If you replace f_xy in your first example with f_yx, then I'm with you. For basically all examples of interest in physics or the sciences, f_xy=f_yx. Hence, the free interchange of x and y. In mathematics there are examples of functions where f_xy is not equal to f_yx.

 

[kingwinner]

If you replace f_xy in your first example with f_yx, then I'm with you. For basically all examples of interest in physics or the sciences, f_xy=f_yx. Hence, the free interchange of x and y.

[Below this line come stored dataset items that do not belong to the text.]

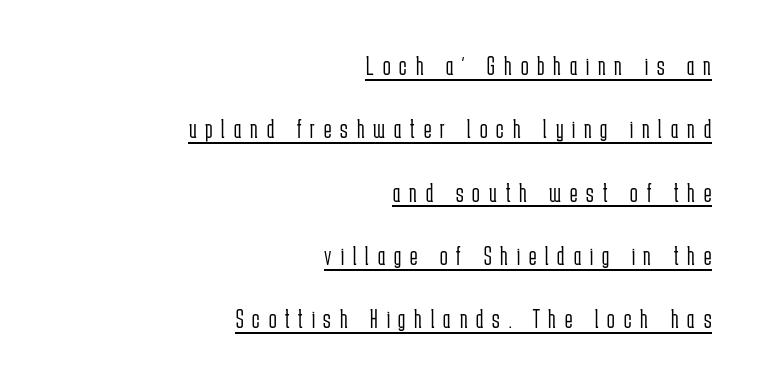
{"serif": "no", "italic": "no", "bold": "no", "weight": "light", "width": "condensed", "stroke_contrast": "low", "x_height": "medium", "monospaced": "no", "underline": "yes", "align": "right", "line_spacing": "loose", "line_spacing_ratio": 2.26, "letter_spacing": "wide", "letter_spacing_em": 0.32, "glyph_px": 28}
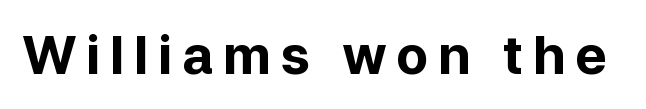
Q: Is the text bold? A: Yes.
Q: Is the text italic (slanted)? A: No, it is upright.
Q: Is the typeface a serif or a sans-serif typeface? A: Sans-serif.
Q: Is the text underlined? A: No.
Q: Width (condensed, normal, or wide)? A: Normal.
Q: Stroke contrast? A: Low.
Q: x-height? A: Medium.
Q: Monospaced? A: No.
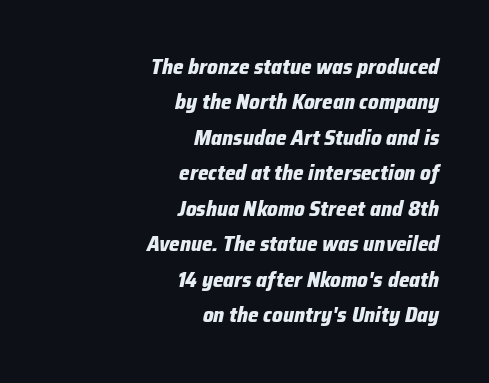
The image shows 21 px bold type, italic (leaning right); set right-aligned, normal line spacing (1.69x), normal letter spacing, not underlined.
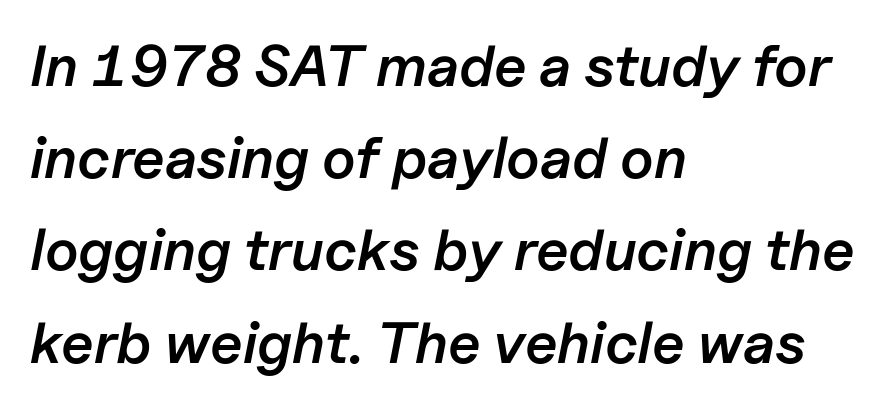
{"italic": "yes", "lean": "right", "slant_degrees": 11, "bold": "semi", "weight": "semibold", "width": "normal", "stroke_contrast": "low", "x_height": "medium", "monospaced": "no", "underline": "no", "align": "left", "line_spacing": "normal", "line_spacing_ratio": 1.59, "letter_spacing": "normal", "letter_spacing_em": 0.0, "glyph_px": 58}
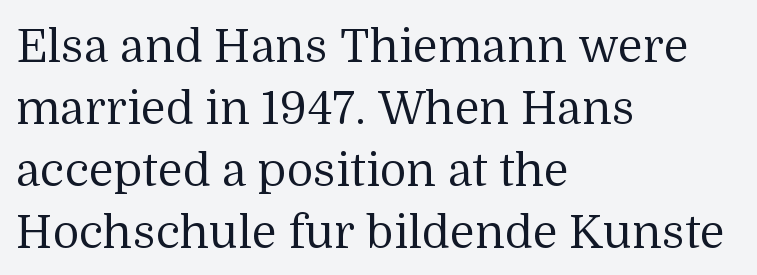
The image shows 46 px regular-weight serif type, upright; set left-aligned, normal line spacing (1.35x), normal letter spacing, not underlined; medium stroke contrast and a medium x-height.
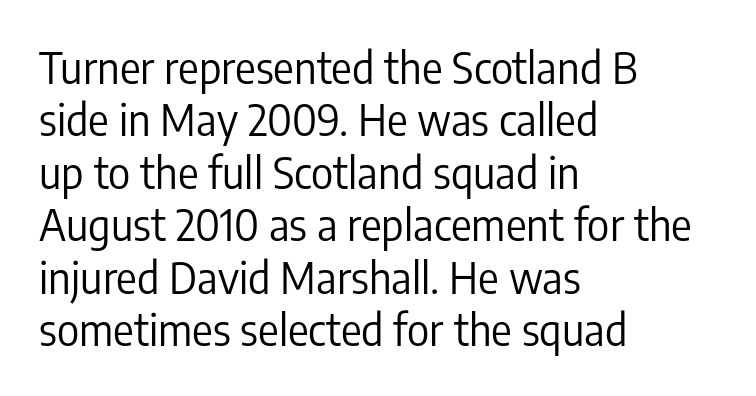
{"serif": "no", "italic": "no", "bold": "no", "weight": "regular", "width": "condensed", "stroke_contrast": "low", "x_height": "medium", "monospaced": "no", "underline": "no", "align": "left", "line_spacing_ratio": 1.22, "letter_spacing": "normal", "letter_spacing_em": 0.0, "glyph_px": 43}
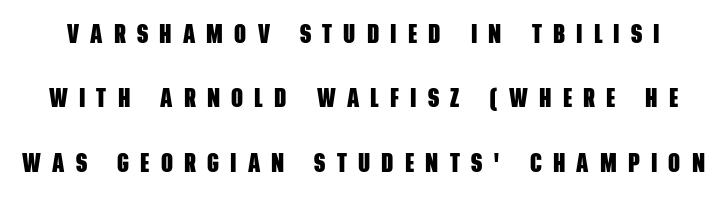
Q: Is the text bold? A: Yes.
Q: Is the text underlined? A: No.
Q: Is the spacing between letters normal or unusually wide? A: Unusually wide.
Q: Is the spacing between lines tight, normal or loose? A: Loose.
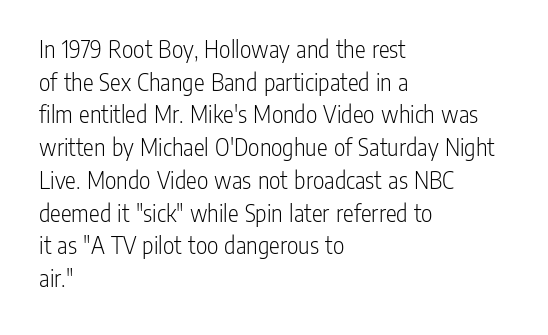
What's the leading like? Ordinary, nothing unusual. The passage shown has conventional tracking throughout. The typography opts for an upright posture over an oblique one. The passage is arranged the way most books set body copy — flush left.
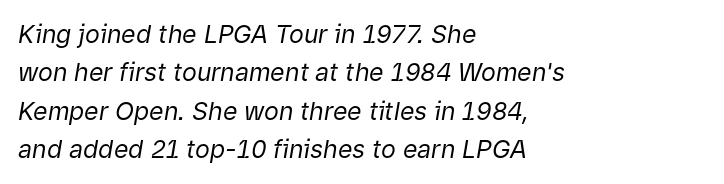
{"italic": "yes", "lean": "right", "slant_degrees": 9, "bold": "no", "underline": "no", "align": "left", "line_spacing": "normal", "line_spacing_ratio": 1.54, "letter_spacing": "normal", "letter_spacing_em": 0.0, "glyph_px": 25}
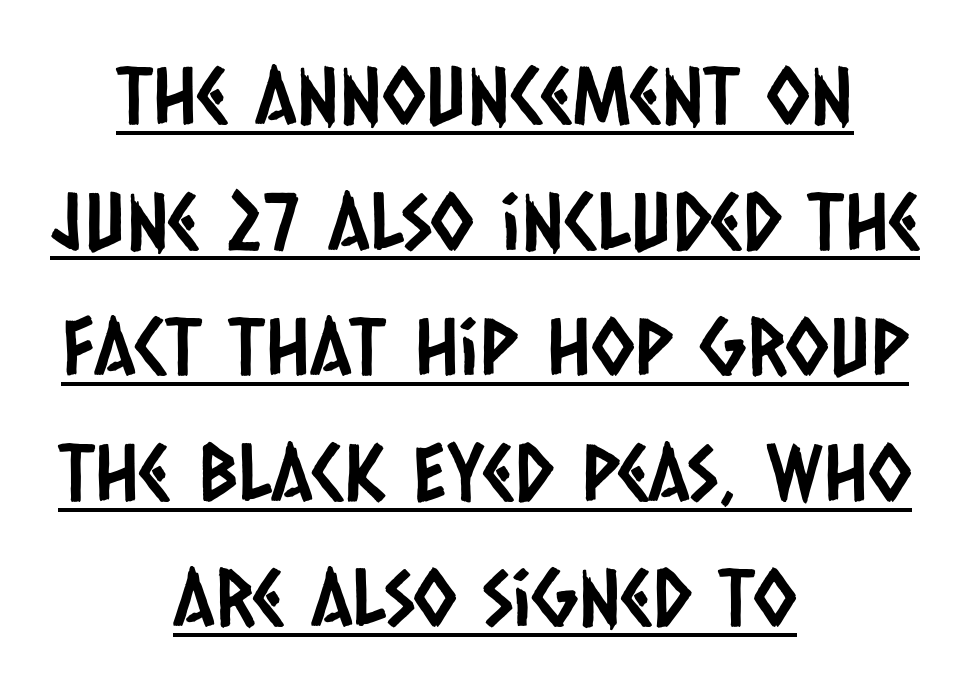
The image shows 79 px condensed sans-serif type; set centered, normal line spacing (1.59x), normal letter spacing, underlined; low stroke contrast and a large x-height.
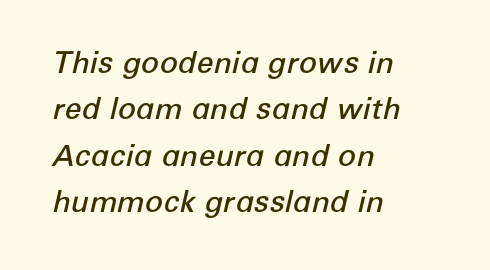
{"italic": "yes", "lean": "right", "slant_degrees": 12, "bold": "semi", "weight": "semibold", "width": "normal", "stroke_contrast": "low", "x_height": "medium", "monospaced": "no", "underline": "no", "align": "left", "line_spacing": "normal", "line_spacing_ratio": 1.55, "letter_spacing": "normal", "letter_spacing_em": 0.0, "glyph_px": 30}
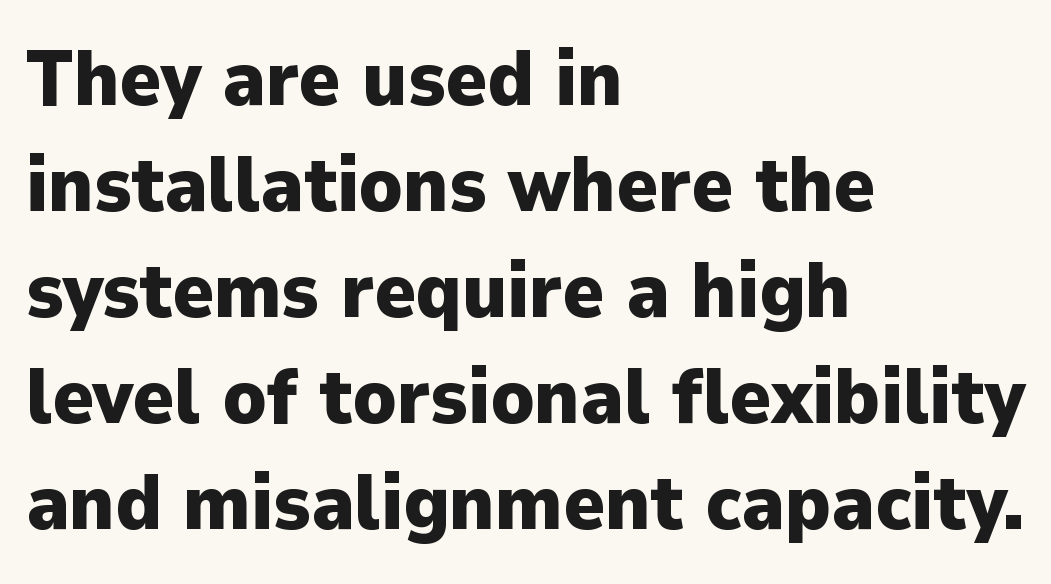
The foot of each line stays bare and open. Do the letters lean? They stand straight. I'd call this a sans setting — the letters go barefoot. A typesetter would call this proportional, since set widths differ per character. Look at the stroke-to-counter ratio: heavy, a bold.
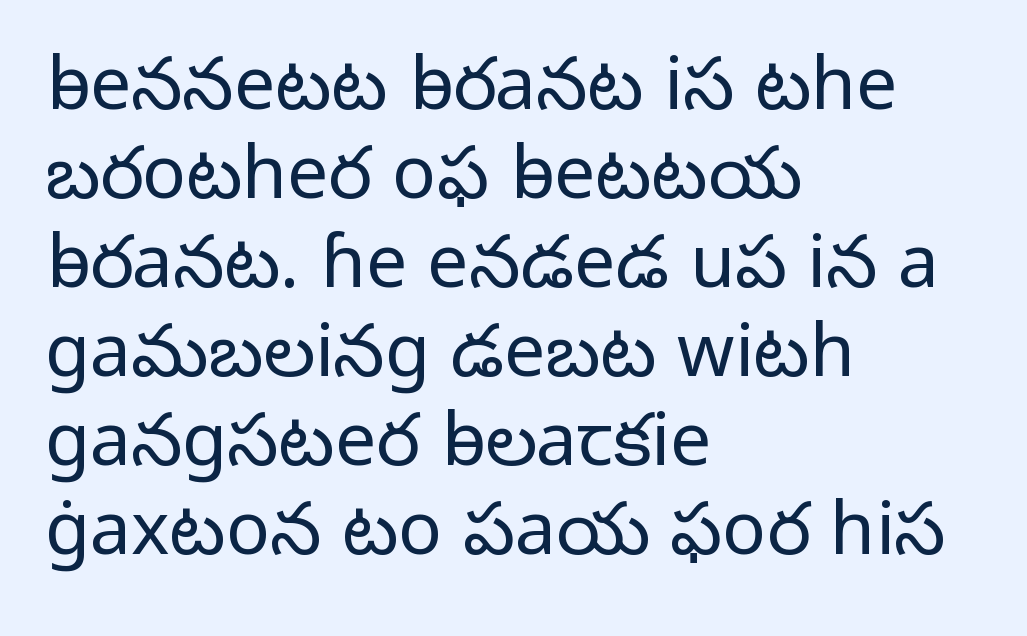
{"serif": "no", "italic": "no", "bold": "no", "weight": "light", "width": "normal", "stroke_contrast": "low", "x_height": "medium", "monospaced": "no", "underline": "no", "align": "left", "line_spacing_ratio": 1.22, "letter_spacing": "normal", "letter_spacing_em": 0.0, "glyph_px": 73}
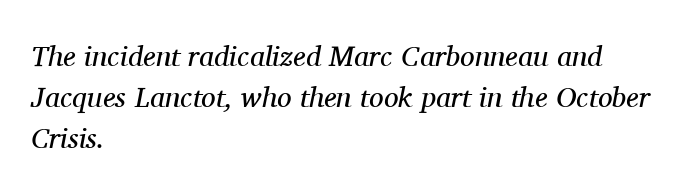
The image shows 29 px regular-weight serif type, italic (leaning right); set left-aligned, normal line spacing (1.41x), normal letter spacing, not underlined; medium stroke contrast and a medium x-height.
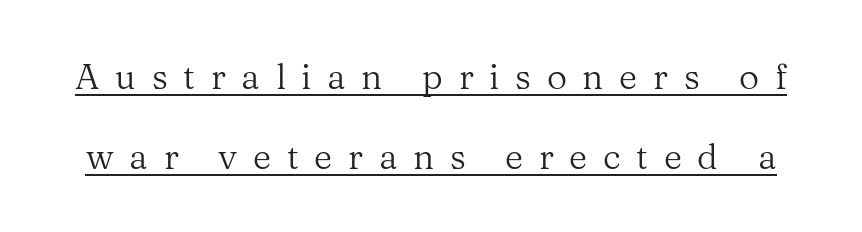
Looks like regular typesetting: each glyph gets only the width it needs. The typography opts for an upright posture over an oblique one. The passage shown is typeset with a serif family. These glyphs show unthickened strokes, regular width or finer.

In mathematics there are examples of functions where f_xy is not equal to f_yx.

f_xy means (f_x)_y, no?
So I would interpret f_xy as taking partial derivative w.r.t. x first and then w.r.t. y which is consistent with my calculus textbook.

However, in my studies of partial differential equations (which I would classify as math rather than science), they write f_xy=∂²f/∂x∂y=∂_xyf which is inconsistent with the above.
∂²f/∂x∂y means taking partial derivative w.r.t. y first and then w.r.t. x, but f_xy to me is the opposite.

Which notation is standard in mathematics?

Thanks!

 

[Dick]

You know, I've never thought about it that hard. Wikipedia says ∂2f/∂x∂y is f_yx. I guess I'll trust them. The operator notation is clearer.

 

[D H]

Which one is standard? Is the second one wrong, or is it acceptable? The second one is driving me crazy...is it ever used anywhere?

http://mathworld.wolfram.com/MixedPartialDerivative.html, for one.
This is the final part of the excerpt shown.